Sejak awal berdirinya negara, Indonesia telah menegaskan posisinya menolak segala bentuk penjajahan. Hal ini selaras dengan Pembukaan UUD 1945 yang menegaskan bahwa penjajahan di atas dunia harus dihapuskan karena tidak sesuai dengan perikemanusiaan

rinsip tersebut bersumber langsung dari sila kedua Pancasila, Kemanusiaan yang Adil dan Beradab, sekaligus menjadi dasar moral dan konstitusional bagi Indonesia untuk menentang kolonialisme dalam bentuk apa pun. Maka, sikap Indonesia dalam mendukung Palestina bukanlah semata-mata pilihan politik luar negeri yang bersifat pragmatis, melainkan panggilan sejarah, ideologis, dan moral yang mengakar dalam jati diri bangsa.

Hari Kesaktian Pancasila 2025 yang mengusung tema “Pancasila Perekat Bangsa Menuju Indonesia Raya” juga memberi pesan penting tentang diplomasi. Jika di dalam negeri Pancasila menjadi perekat keberagaman, maka dalam politik luar negeri ia menjadi penuntun etika yang memastikan Indonesia berdiri di sisi keadilan dan kemanusiaan.

Dalam konteks Palestina, Pancasila menjadi dapat pedoman dan sekaligus penuntun agar Indonesia konsisten mendukung hak rakyat Palestina untuk merdeka dari penjajahan Israel. Kesaktian Pancasila diuji bukan hanya ketika menghadapi ancaman ideologi di tanah air, melainkan juga ketika bangsa Indonesia ditantang untuk tetap konsisten memperjuangkan nilai universal: kemerdekaan, keadilan, dan perdamaian bangsa-bangsa.

Dukungan Indonesia terhadap Palestina selama ini tercermin dalam berbagai forum internasional.
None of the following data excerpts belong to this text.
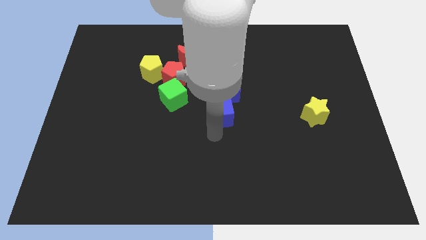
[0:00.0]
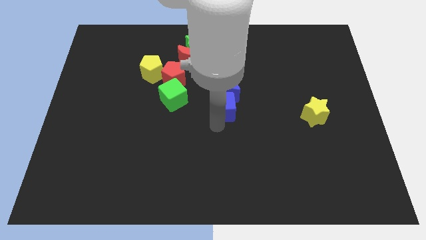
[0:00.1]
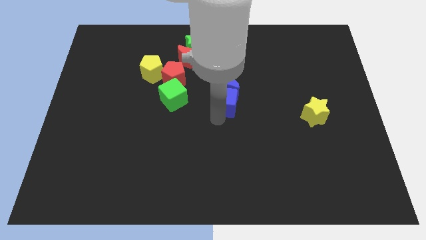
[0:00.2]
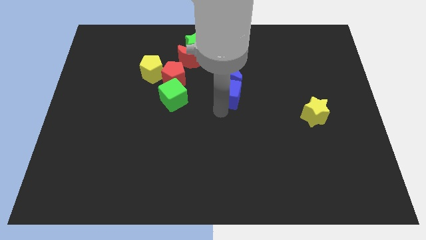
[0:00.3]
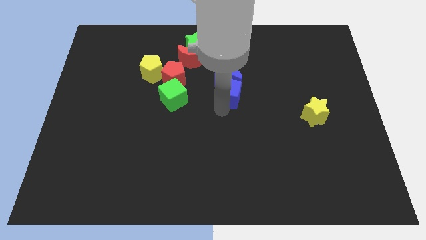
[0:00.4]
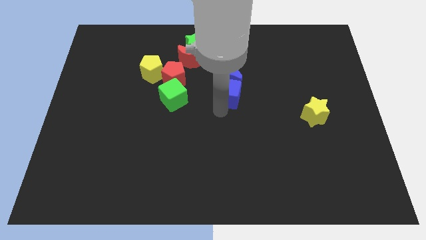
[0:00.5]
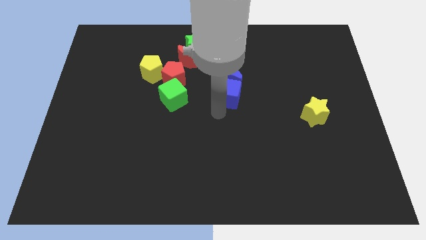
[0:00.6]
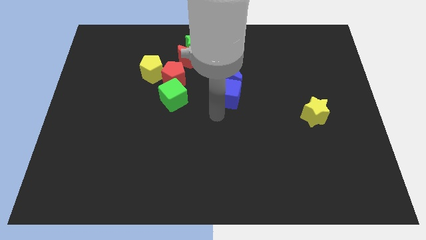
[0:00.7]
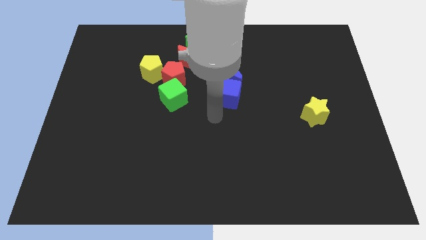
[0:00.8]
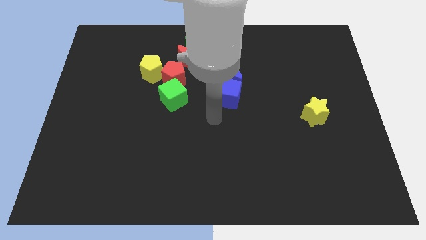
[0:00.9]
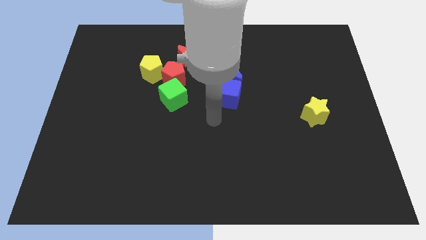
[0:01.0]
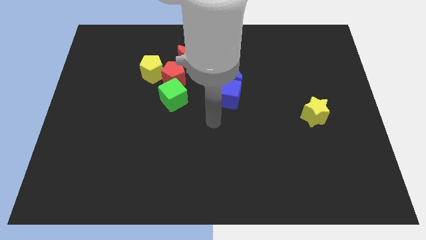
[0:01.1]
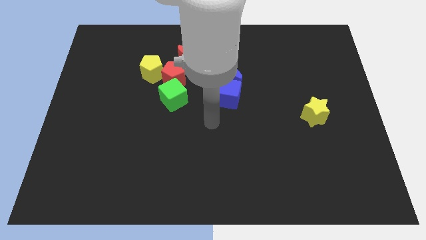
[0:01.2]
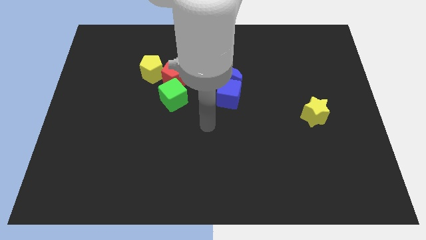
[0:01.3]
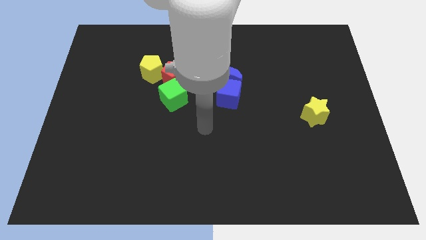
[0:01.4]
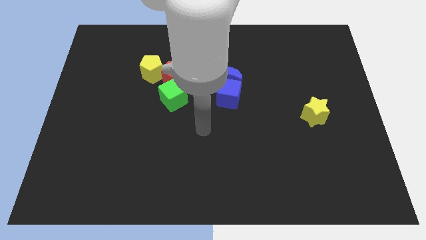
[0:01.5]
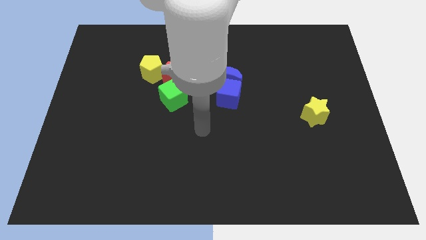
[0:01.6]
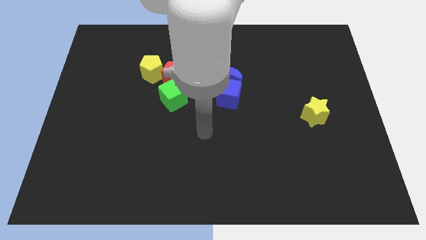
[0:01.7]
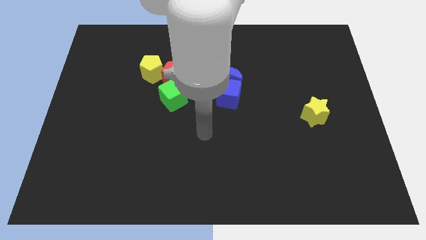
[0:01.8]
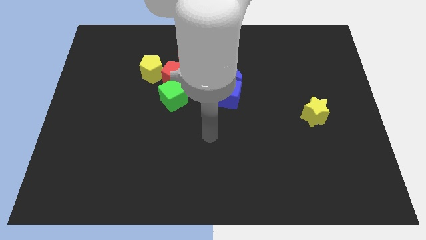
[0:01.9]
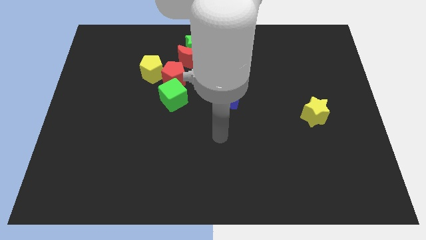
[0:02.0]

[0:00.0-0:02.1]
move your arm to the bottom of the blue cube

Mulai dari sidang Perserikatan Bangsa-Bangsa, Organisasi Kerja Sama Islam (OKI), hingga Gerakan Non-Blok, Indonesia selalu menyuarakan pentingnya pengakuan atas kedaulatan Palestina.

Bahkan, dalam pidato di PBB beberapa waktu lalu, Presiden Prabowo Subianto menegaskan bahwa Indonesia akan mengakui Israel apabila Palestina lebih dahulu diakui sebagai negara merdeka. Pernyataan ini bukan berarti mengurangi dukungan terhadap Palestina, melainkan justru menegaskan prinsip Pancasila, bahwa perdamaian sejati hanya mungkin tercapai melalui penghapusan penjajahan dan pengakuan kedaulatan.

Keberpihakan tersebut menjadi bukti bahwa Pancasila tidak berhenti pada tataran retorika, tetapi hadir dalam kebijakan nyata. Kesaktian Pancasila justru terbukti ketika mampu diterjemahkan dalam aksi kolektif bangsa untuk menegakkan prinsip kemanusiaan universal.

Jadi, pada dasarnya, Hari Kesaktian Pancasila bukan hanya tentang mengenang peristiwa 1965, melainkan juga tentang bagaimana Pancasila terus hidup dan relevan. Dukungan terhadap Palestina adalah cermin dari semangat itu, sebuah bentuk nyata bahwa Pancasila bukan hanya milik Indonesia, tetapi juga sumbangan bagi kemanusiaan universal.

Pancasila, Palestina, dan Cita-Cita Indonesia Raya

Memperingati Hari Kesaktian Pancasila 2025 dengan tema “Pancasila Perekat Bangsa Menuju Indonesia Raya” seharusnya mendorong kesadaran bahwa cita-cita Indonesia Raya tidak akan pernah terlepas dari perjuangan kemanusiaan global. Indonesia hanya bisa menjadi bangsa besar jika mampu menjadikan Pancasila sebagai pedoman tidak hanya untuk dirinya sendiri, tetapi juga dalam hubungan internasional.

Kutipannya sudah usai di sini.